It’s been over a year since I last updated this website. And if you follow Details Ink on Instagram, you may have also noticed that I only made 21 posts throughout the entire 2017. Which is kind of a sin in the online business world I think haha but it’s partly because, well, I got so busy with my architectural thesis, mural projects and events… and I just couldn’t seem to make time to sit and write about the things that were happening everyday. Those who know me have probably witnessed the numerous mental breakdowns caused by having to write captions for Instagram posts or deciding whether or not to publish the post at all. There has been so much unnecessary stress caused by the mere fact that… I am basically a cave woman.

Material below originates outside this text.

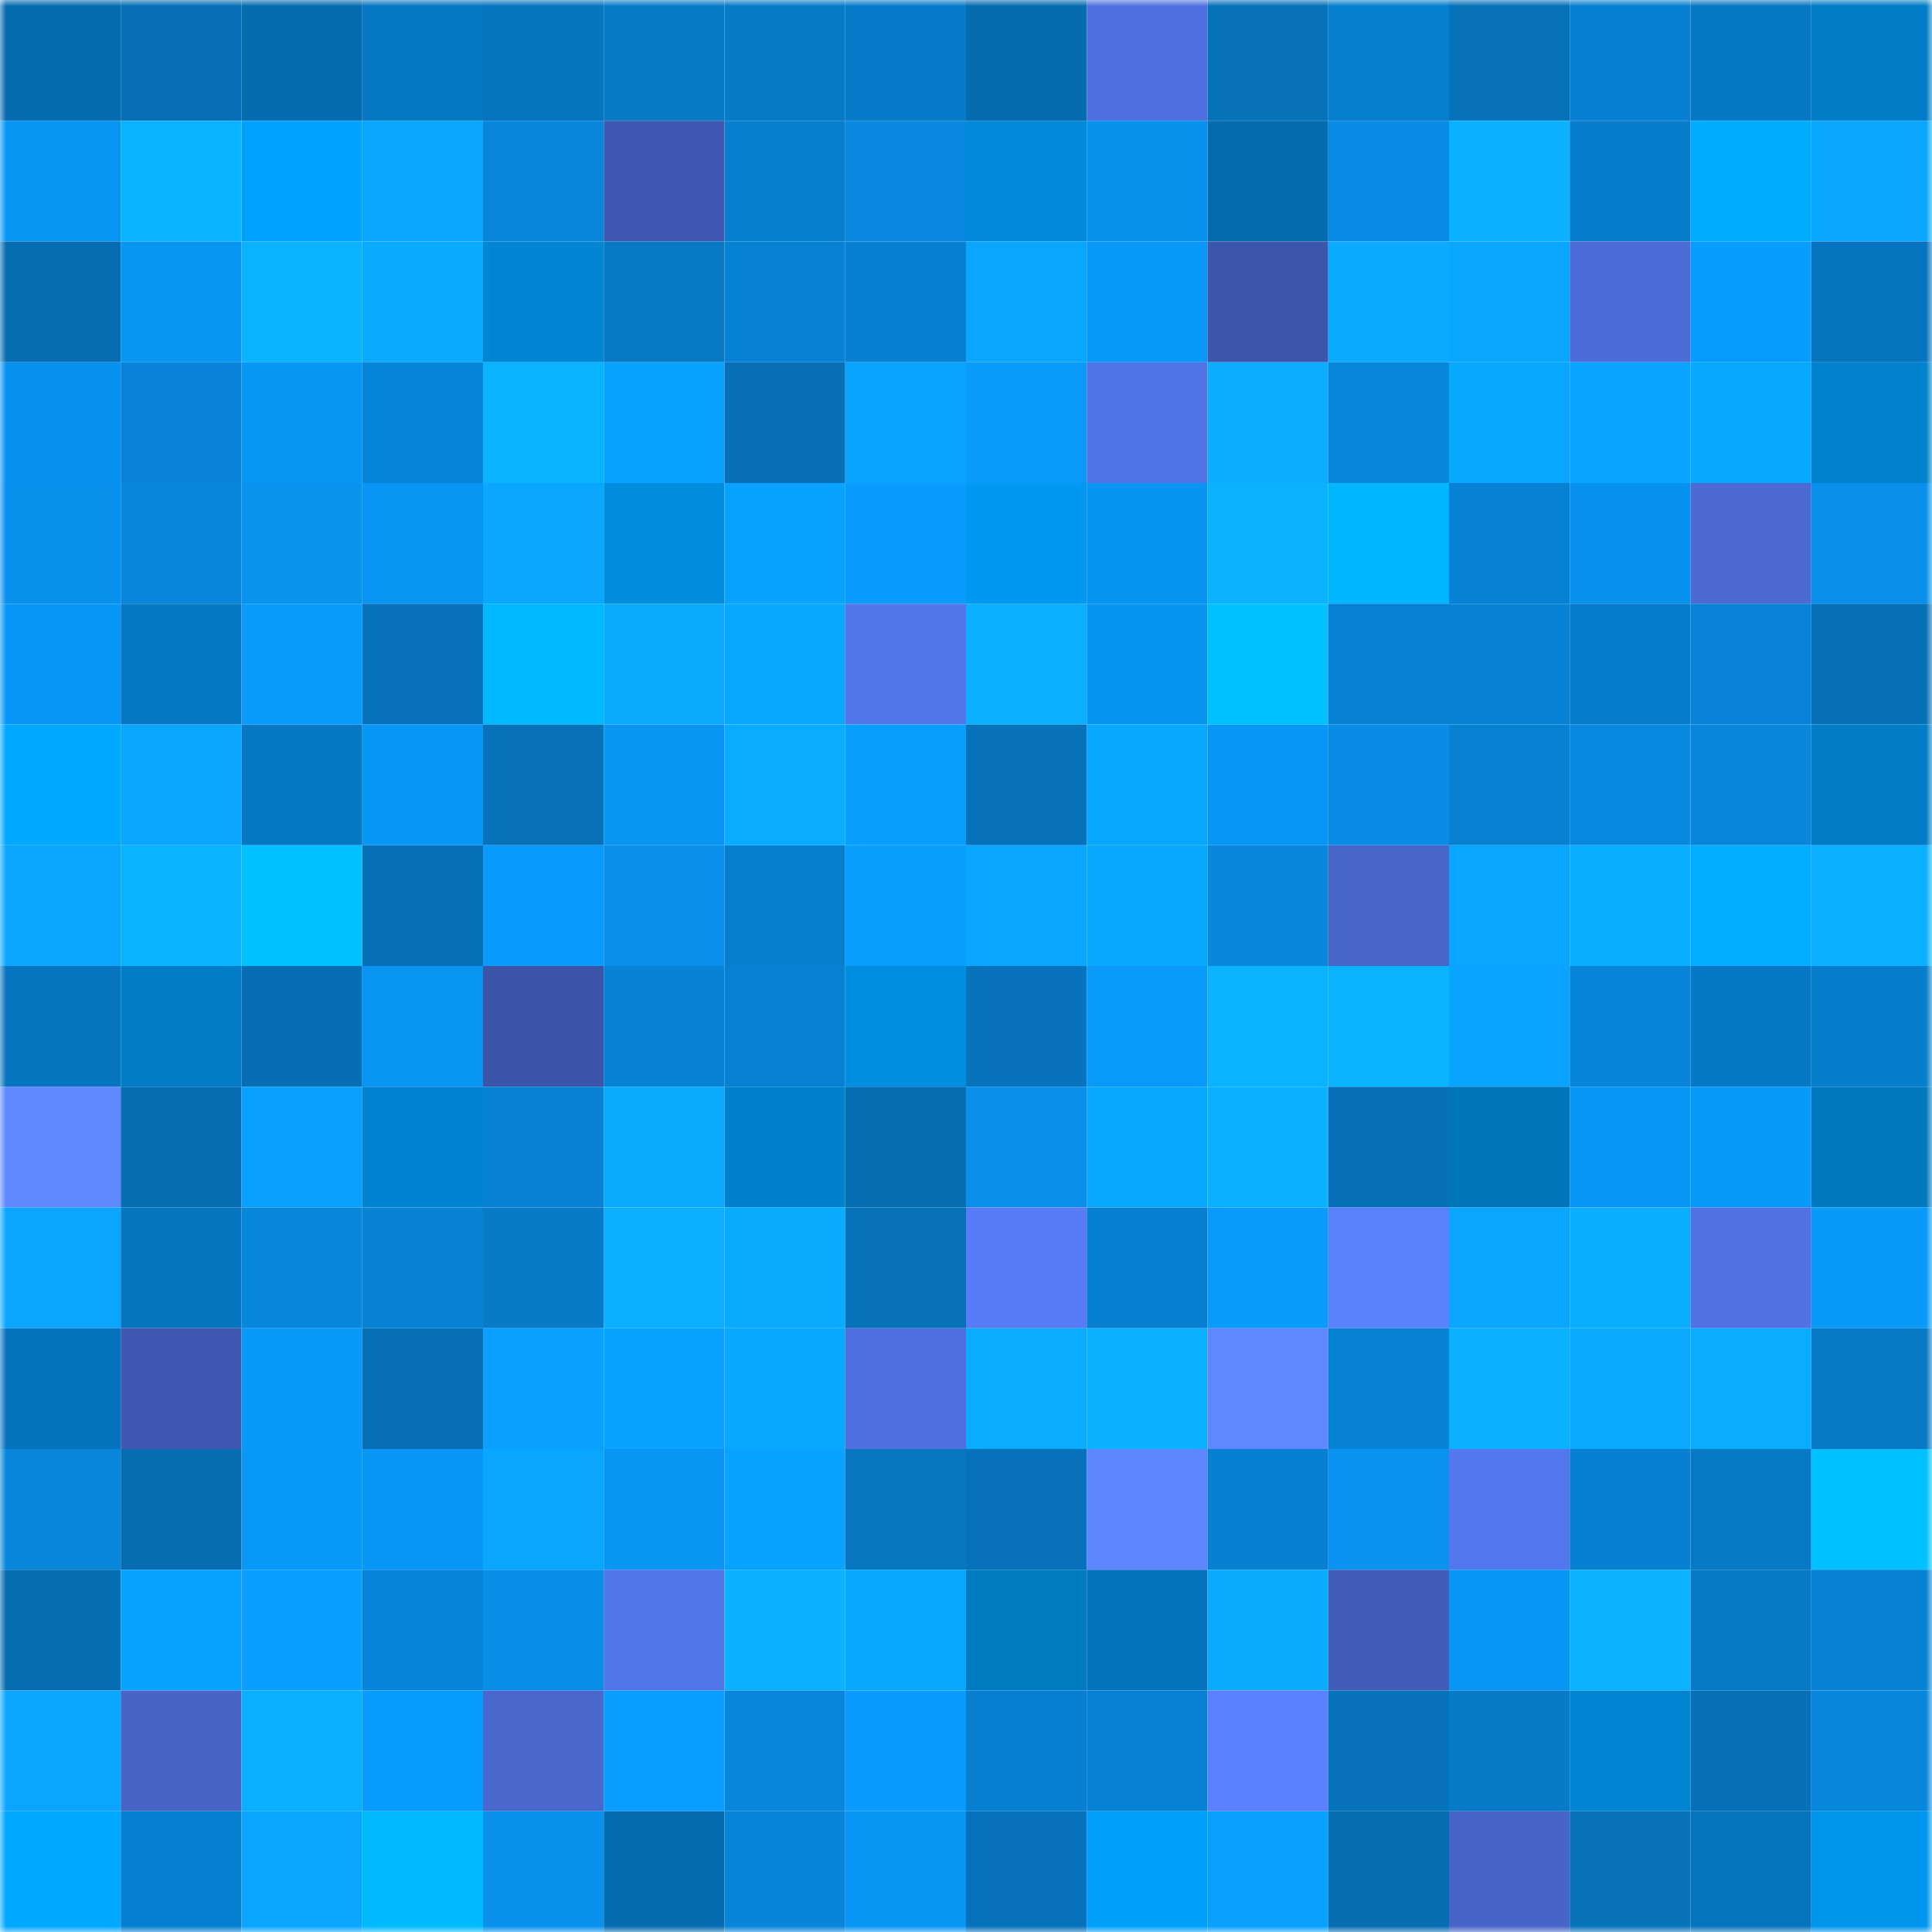 <svg viewBox="0 0 160 160" fill="none" role="img" xmlns="http://www.w3.org/2000/svg" width="240" height="240" name="ens%2Cestrella.eth"><mask id="1983625227" mask-type="alpha" maskUnits="userSpaceOnUse" x="0" y="0" width="160" height="160"><rect width="160" height="160" fill="#FFFFFF"></rect></mask><g mask="url(#1983625227)"><rect x="0" y="0" width="10" height="10" fill="#066cb0"></rect><rect x="10" y="0" width="10" height="10" fill="#066fb6"></rect><rect x="20" y="0" width="10" height="10" fill="#066cb0"></rect><rect x="30" y="0" width="10" height="10" fill="#0778c4"></rect><rect x="40" y="0" width="10" height="10" fill="#0674be"></rect><rect x="50" y="0" width="10" height="10" fill="#077ac6"></rect><rect x="60" y="0" width="10" height="10" fill="#077ac8"></rect><rect x="70" y="0" width="10" height="10" fill="#077bc9"></rect><rect x="80" y="0" width="10" height="10" fill="#066cb0"></rect><rect x="90" y="0" width="10" height="10" fill="#4f71df"></rect><rect x="100" y="0" width="10" height="10" fill="#0672ba"></rect><rect x="110" y="0" width="10" height="10" fill="#077fcf"></rect><rect x="120" y="0" width="10" height="10" fill="#0672b9"></rect><rect x="130" y="0" width="10" height="10" fill="#0780d1"></rect><rect x="140" y="0" width="10" height="10" fill="#0778c5"></rect><rect x="150" y="0" width="10" height="10" fill="#007dc6"></rect><rect x="0" y="10" width="10" height="10" fill="#0896f5"></rect><rect x="10" y="10" width="10" height="10" fill="#0ab3ff"></rect><rect x="20" y="10" width="10" height="10" fill="#00a2ff"></rect><rect x="30" y="10" width="10" height="10" fill="#09a7ff"></rect><rect x="40" y="10" width="10" height="10" fill="#0786db"></rect><rect x="50" y="10" width="10" height="10" fill="#3f59b1"></rect><rect x="60" y="10" width="10" height="10" fill="#077fcf"></rect><rect x="70" y="10" width="10" height="10" fill="#0889df"></rect><rect x="80" y="10" width="10" height="10" fill="#008ad9"></rect><rect x="90" y="10" width="10" height="10" fill="#0891ed"></rect><rect x="100" y="10" width="10" height="10" fill="#066cb0"></rect><rect x="110" y="10" width="10" height="10" fill="#088ce5"></rect><rect x="120" y="10" width="10" height="10" fill="#0ab1ff"></rect><rect x="130" y="10" width="10" height="10" fill="#077cca"></rect><rect x="140" y="10" width="10" height="10" fill="#00acff"></rect><rect x="150" y="10" width="10" height="10" fill="#09a6ff"></rect><rect x="0" y="20" width="10" height="10" fill="#066db2"></rect><rect x="10" y="20" width="10" height="10" fill="#0896f4"></rect><rect x="20" y="20" width="10" height="10" fill="#0ab3ff"></rect><rect x="30" y="20" width="10" height="10" fill="#09aaff"></rect><rect x="40" y="20" width="10" height="10" fill="#0086d3"></rect><rect x="50" y="20" width="10" height="10" fill="#077ac6"></rect><rect x="60" y="20" width="10" height="10" fill="#0781d3"></rect><rect x="70" y="20" width="10" height="10" fill="#0780d1"></rect><rect x="80" y="20" width="10" height="10" fill="#09a6ff"></rect><rect x="90" y="20" width="10" height="10" fill="#0898f8"></rect><rect x="100" y="20" width="10" height="10" fill="#3c56ab"></rect><rect x="110" y="20" width="10" height="10" fill="#09aaff"></rect><rect x="120" y="20" width="10" height="10" fill="#09a6ff"></rect><rect x="130" y="20" width="10" height="10" fill="#4c6cd7"></rect><rect x="140" y="20" width="10" height="10" fill="#099cff"></rect><rect x="150" y="20" width="10" height="10" fill="#0674be"></rect><rect x="0" y="30" width="10" height="10" fill="#0892ef"></rect><rect x="10" y="30" width="10" height="10" fill="#0784d7"></rect><rect x="20" y="30" width="10" height="10" fill="#0896f4"></rect><rect x="30" y="30" width="10" height="10" fill="#0785da"></rect><rect x="40" y="30" width="10" height="10" fill="#0ab3ff"></rect><rect x="50" y="30" width="10" height="10" fill="#09a2ff"></rect><rect x="60" y="30" width="10" height="10" fill="#066fb6"></rect><rect x="70" y="30" width="10" height="10" fill="#09a4ff"></rect><rect x="80" y="30" width="10" height="10" fill="#099afb"></rect><rect x="90" y="30" width="10" height="10" fill="#5174e6"></rect><rect x="100" y="30" width="10" height="10" fill="#0aadff"></rect><rect x="110" y="30" width="10" height="10" fill="#0888dd"></rect><rect x="120" y="30" width="10" height="10" fill="#09a8ff"></rect><rect x="130" y="30" width="10" height="10" fill="#09a4ff"></rect><rect x="140" y="30" width="10" height="10" fill="#09a8ff"></rect><rect x="150" y="30" width="10" height="10" fill="#0082ce"></rect><rect x="0" y="40" width="10" height="10" fill="#0891ed"></rect><rect x="10" y="40" width="10" height="10" fill="#0786db"></rect><rect x="20" y="40" width="10" height="10" fill="#0893ef"></rect><rect x="30" y="40" width="10" height="10" fill="#0895f4"></rect><rect x="40" y="40" width="10" height="10" fill="#09a7ff"></rect><rect x="50" y="40" width="10" height="10" fill="#008dde"></rect><rect x="60" y="40" width="10" height="10" fill="#09a3ff"></rect><rect x="70" y="40" width="10" height="10" fill="#099bfd"></rect><rect x="80" y="40" width="10" height="10" fill="#0098f0"></rect><rect x="90" y="40" width="10" height="10" fill="#0894f1"></rect><rect x="100" y="40" width="10" height="10" fill="#0ab2ff"></rect><rect x="110" y="40" width="10" height="10" fill="#00b7ff"></rect><rect x="120" y="40" width="10" height="10" fill="#0781d3"></rect><rect x="130" y="40" width="10" height="10" fill="#0892ef"></rect><rect x="140" y="40" width="10" height="10" fill="#4b6ad3"></rect><rect x="150" y="40" width="10" height="10" fill="#0890ea"></rect><rect x="0" y="50" width="10" height="10" fill="#0897f7"></rect><rect x="10" y="50" width="10" height="10" fill="#0778c5"></rect><rect x="20" y="50" width="10" height="10" fill="#099afb"></rect><rect x="30" y="50" width="10" height="10" fill="#0673bc"></rect><rect x="40" y="50" width="10" height="10" fill="#00b8ff"></rect><rect x="50" y="50" width="10" height="10" fill="#0aabff"></rect><rect x="60" y="50" width="10" height="10" fill="#09a8ff"></rect><rect x="70" y="50" width="10" height="10" fill="#5376ea"></rect><rect x="80" y="50" width="10" height="10" fill="#0ab0ff"></rect><rect x="90" y="50" width="10" height="10" fill="#0894f1"></rect><rect x="100" y="50" width="10" height="10" fill="#00c1ff"></rect><rect x="110" y="50" width="10" height="10" fill="#0781d2"></rect><rect x="120" y="50" width="10" height="10" fill="#0783d5"></rect><rect x="130" y="50" width="10" height="10" fill="#077cca"></rect><rect x="140" y="50" width="10" height="10" fill="#0784d7"></rect><rect x="150" y="50" width="10" height="10" fill="#0670b7"></rect><rect x="0" y="60" width="10" height="10" fill="#00a8ff"></rect><rect x="10" y="60" width="10" height="10" fill="#09a6ff"></rect><rect x="20" y="60" width="10" height="10" fill="#0778c3"></rect><rect x="30" y="60" width="10" height="10" fill="#0897f7"></rect><rect x="40" y="60" width="10" height="10" fill="#0672ba"></rect><rect x="50" y="60" width="10" height="10" fill="#0895f3"></rect><rect x="60" y="60" width="10" height="10" fill="#0aacff"></rect><rect x="70" y="60" width="10" height="10" fill="#099fff"></rect><rect x="80" y="60" width="10" height="10" fill="#0672ba"></rect><rect x="90" y="60" width="10" height="10" fill="#09a8ff"></rect><rect x="100" y="60" width="10" height="10" fill="#0897f6"></rect><rect x="110" y="60" width="10" height="10" fill="#088ce5"></rect><rect x="120" y="60" width="10" height="10" fill="#0781d2"></rect><rect x="130" y="60" width="10" height="10" fill="#0889e0"></rect><rect x="140" y="60" width="10" height="10" fill="#0786db"></rect><rect x="150" y="60" width="10" height="10" fill="#007dc6"></rect><rect x="0" y="70" width="10" height="10" fill="#09a5ff"></rect><rect x="10" y="70" width="10" height="10" fill="#0ab3ff"></rect><rect x="20" y="70" width="10" height="10" fill="#00c0ff"></rect><rect x="30" y="70" width="10" height="10" fill="#0671b9"></rect><rect x="40" y="70" width="10" height="10" fill="#099bfd"></rect><rect x="50" y="70" width="10" height="10" fill="#0890eb"></rect><rect x="60" y="70" width="10" height="10" fill="#077fcf"></rect><rect x="70" y="70" width="10" height="10" fill="#099fff"></rect><rect x="80" y="70" width="10" height="10" fill="#09a6ff"></rect><rect x="90" y="70" width="10" height="10" fill="#09a8ff"></rect><rect x="100" y="70" width="10" height="10" fill="#0887dd"></rect><rect x="110" y="70" width="10" height="10" fill="#4766ca"></rect><rect x="120" y="70" width="10" height="10" fill="#09a5ff"></rect><rect x="130" y="70" width="10" height="10" fill="#0aaeff"></rect><rect x="140" y="70" width="10" height="10" fill="#00adff"></rect><rect x="150" y="70" width="10" height="10" fill="#0aafff"></rect><rect x="0" y="80" width="10" height="10" fill="#0775bf"></rect><rect x="10" y="80" width="10" height="10" fill="#007dc5"></rect><rect x="20" y="80" width="10" height="10" fill="#066eb4"></rect><rect x="30" y="80" width="10" height="10" fill="#0895f4"></rect><rect x="40" y="80" width="10" height="10" fill="#3c55a9"></rect><rect x="50" y="80" width="10" height="10" fill="#0783d5"></rect><rect x="60" y="80" width="10" height="10" fill="#0781d3"></rect><rect x="70" y="80" width="10" height="10" fill="#008ee1"></rect><rect x="80" y="80" width="10" height="10" fill="#0673bc"></rect><rect x="90" y="80" width="10" height="10" fill="#099afc"></rect><rect x="100" y="80" width="10" height="10" fill="#0ab3ff"></rect><rect x="110" y="80" width="10" height="10" fill="#0ab3ff"></rect><rect x="120" y="80" width="10" height="10" fill="#09a4ff"></rect><rect x="130" y="80" width="10" height="10" fill="#0785d9"></rect><rect x="140" y="80" width="10" height="10" fill="#0778c5"></rect><rect x="150" y="80" width="10" height="10" fill="#077ecd"></rect><rect x="0" y="90" width="10" height="10" fill="#5f88ff"></rect><rect x="10" y="90" width="10" height="10" fill="#066db2"></rect><rect x="20" y="90" width="10" height="10" fill="#09a0ff"></rect><rect x="30" y="90" width="10" height="10" fill="#0083d0"></rect><rect x="40" y="90" width="10" height="10" fill="#0782d4"></rect><rect x="50" y="90" width="10" height="10" fill="#0aabff"></rect><rect x="60" y="90" width="10" height="10" fill="#0081cb"></rect><rect x="70" y="90" width="10" height="10" fill="#066eb3"></rect><rect x="80" y="90" width="10" height="10" fill="#0890eb"></rect><rect x="90" y="90" width="10" height="10" fill="#09a8ff"></rect><rect x="100" y="90" width="10" height="10" fill="#0ab1ff"></rect><rect x="110" y="90" width="10" height="10" fill="#0671b9"></rect><rect x="120" y="90" width="10" height="10" fill="#0075ba"></rect><rect x="130" y="90" width="10" height="10" fill="#0897f6"></rect><rect x="140" y="90" width="10" height="10" fill="#0999fa"></rect><rect x="150" y="90" width="10" height="10" fill="#0079be"></rect><rect x="0" y="100" width="10" height="10" fill="#09a5ff"></rect><rect x="10" y="100" width="10" height="10" fill="#0776c1"></rect><rect x="20" y="100" width="10" height="10" fill="#0787dc"></rect><rect x="30" y="100" width="10" height="10" fill="#0783d6"></rect><rect x="40" y="100" width="10" height="10" fill="#077bc8"></rect><rect x="50" y="100" width="10" height="10" fill="#0ab0ff"></rect><rect x="60" y="100" width="10" height="10" fill="#09abff"></rect><rect x="70" y="100" width="10" height="10" fill="#0672ba"></rect><rect x="80" y="100" width="10" height="10" fill="#577cf6"></rect><rect x="90" y="100" width="10" height="10" fill="#077fd0"></rect><rect x="100" y="100" width="10" height="10" fill="#099afb"></rect><rect x="110" y="100" width="10" height="10" fill="#5980fd"></rect><rect x="120" y="100" width="10" height="10" fill="#09a5ff"></rect><rect x="130" y="100" width="10" height="10" fill="#0aaeff"></rect><rect x="140" y="100" width="10" height="10" fill="#5072e3"></rect><rect x="150" y="100" width="10" height="10" fill="#0899f9"></rect><rect x="0" y="110" width="10" height="10" fill="#0674bd"></rect><rect x="10" y="110" width="10" height="10" fill="#3e59af"></rect><rect x="20" y="110" width="10" height="10" fill="#0999fa"></rect><rect x="30" y="110" width="10" height="10" fill="#066fb5"></rect><rect x="40" y="110" width="10" height="10" fill="#09a0ff"></rect><rect x="50" y="110" width="10" height="10" fill="#09a2ff"></rect><rect x="60" y="110" width="10" height="10" fill="#09a8ff"></rect><rect x="70" y="110" width="10" height="10" fill="#4e6fdd"></rect><rect x="80" y="110" width="10" height="10" fill="#0aacff"></rect><rect x="90" y="110" width="10" height="10" fill="#0ab1ff"></rect><rect x="100" y="110" width="10" height="10" fill="#5f87ff"></rect><rect x="110" y="110" width="10" height="10" fill="#0783d6"></rect><rect x="120" y="110" width="10" height="10" fill="#0ab1ff"></rect><rect x="130" y="110" width="10" height="10" fill="#09a9ff"></rect><rect x="140" y="110" width="10" height="10" fill="#0aacff"></rect><rect x="150" y="110" width="10" height="10" fill="#0779c5"></rect><rect x="0" y="120" width="10" height="10" fill="#0786da"></rect><rect x="10" y="120" width="10" height="10" fill="#066db2"></rect><rect x="20" y="120" width="10" height="10" fill="#0898f8"></rect><rect x="30" y="120" width="10" height="10" fill="#0897f7"></rect><rect x="40" y="120" width="10" height="10" fill="#09a6ff"></rect><rect x="50" y="120" width="10" height="10" fill="#0895f3"></rect><rect x="60" y="120" width="10" height="10" fill="#09a2ff"></rect><rect x="70" y="120" width="10" height="10" fill="#0777c2"></rect><rect x="80" y="120" width="10" height="10" fill="#0672bb"></rect><rect x="90" y="120" width="10" height="10" fill="#5d85ff"></rect><rect x="100" y="120" width="10" height="10" fill="#0780d1"></rect><rect x="110" y="120" width="10" height="10" fill="#0893f0"></rect><rect x="120" y="120" width="10" height="10" fill="#5377ec"></rect><rect x="130" y="120" width="10" height="10" fill="#0780d1"></rect><rect x="140" y="120" width="10" height="10" fill="#0779c5"></rect><rect x="150" y="120" width="10" height="10" fill="#00c1ff"></rect><rect x="0" y="130" width="10" height="10" fill="#066db1"></rect><rect x="10" y="130" width="10" height="10" fill="#09a3ff"></rect><rect x="20" y="130" width="10" height="10" fill="#099eff"></rect><rect x="30" y="130" width="10" height="10" fill="#0785da"></rect><rect x="40" y="130" width="10" height="10" fill="#088ee7"></rect><rect x="50" y="130" width="10" height="10" fill="#5275e8"></rect><rect x="60" y="130" width="10" height="10" fill="#0ab1ff"></rect><rect x="70" y="130" width="10" height="10" fill="#09a8ff"></rect><rect x="80" y="130" width="10" height="10" fill="#007ac1"></rect><rect x="90" y="130" width="10" height="10" fill="#0674bd"></rect><rect x="100" y="130" width="10" height="10" fill="#0aabff"></rect><rect x="110" y="130" width="10" height="10" fill="#415db9"></rect><rect x="120" y="130" width="10" height="10" fill="#0897f6"></rect><rect x="130" y="130" width="10" height="10" fill="#0ab2ff"></rect><rect x="140" y="130" width="10" height="10" fill="#0779c6"></rect><rect x="150" y="130" width="10" height="10" fill="#0782d4"></rect><rect x="0" y="140" width="10" height="10" fill="#09a5ff"></rect><rect x="10" y="140" width="10" height="10" fill="#4665c7"></rect><rect x="20" y="140" width="10" height="10" fill="#0aafff"></rect><rect x="30" y="140" width="10" height="10" fill="#099cff"></rect><rect x="40" y="140" width="10" height="10" fill="#4968ce"></rect><rect x="50" y="140" width="10" height="10" fill="#099eff"></rect><rect x="60" y="140" width="10" height="10" fill="#0786db"></rect><rect x="70" y="140" width="10" height="10" fill="#099bfd"></rect><rect x="80" y="140" width="10" height="10" fill="#077fd0"></rect><rect x="90" y="140" width="10" height="10" fill="#0781d3"></rect><rect x="100" y="140" width="10" height="10" fill="#5a80ff"></rect><rect x="110" y="140" width="10" height="10" fill="#0673bc"></rect><rect x="120" y="140" width="10" height="10" fill="#077ac8"></rect><rect x="130" y="140" width="10" height="10" fill="#0085d3"></rect><rect x="140" y="140" width="10" height="10" fill="#0671b9"></rect><rect x="150" y="140" width="10" height="10" fill="#0787dc"></rect><rect x="0" y="150" width="10" height="10" fill="#00a8ff"></rect><rect x="10" y="150" width="10" height="10" fill="#077fd0"></rect><rect x="20" y="150" width="10" height="10" fill="#09a5ff"></rect><rect x="30" y="150" width="10" height="10" fill="#00b9ff"></rect><rect x="40" y="150" width="10" height="10" fill="#0892ee"></rect><rect x="50" y="150" width="10" height="10" fill="#066cb0"></rect><rect x="60" y="150" width="10" height="10" fill="#0785da"></rect><rect x="70" y="150" width="10" height="10" fill="#0896f5"></rect><rect x="80" y="150" width="10" height="10" fill="#0672bb"></rect><rect x="90" y="150" width="10" height="10" fill="#009ffb"></rect><rect x="100" y="150" width="10" height="10" fill="#09a0ff"></rect><rect x="110" y="150" width="10" height="10" fill="#066db1"></rect><rect x="120" y="150" width="10" height="10" fill="#4765c9"></rect><rect x="130" y="150" width="10" height="10" fill="#0673bb"></rect><rect x="140" y="150" width="10" height="10" fill="#0674be"></rect><rect x="150" y="150" width="10" height="10" fill="#0096ed"></rect></g></svg>

Looking through an old notebook, I rediscovered my driving force. I panicked through this month because the reasons why I had to work so hard for certain aspects of life no longer made sense to me… but, at the coffee shop earlier, I saw something I wrote last October.
“Your job is to do your very best in
every opportunity you say yes to.
You have to push and delve – or it won’t count. And you have to make it count.
You have to make the best of this life. All or nothing.
Always All or Nothing.”
I guess I’m tired. And the once-rare feelings known as failure and rejection have been coming around more often, in the aspects of my life that I have chosen to neglect. I used to be able to get away with not caring but, now it seems much harder to do that. Maybe because we’re all getting older and there’s more at stake, and everyone’s standards are getting higher and everyone else is getting better. I don’t know. But, this is a good thing. A new challenge. Another opportunity to push myself even more than I already do.
The thing is, I really just want to do what I love. I want to do what I want to do, when I want to do it. And that is my problem.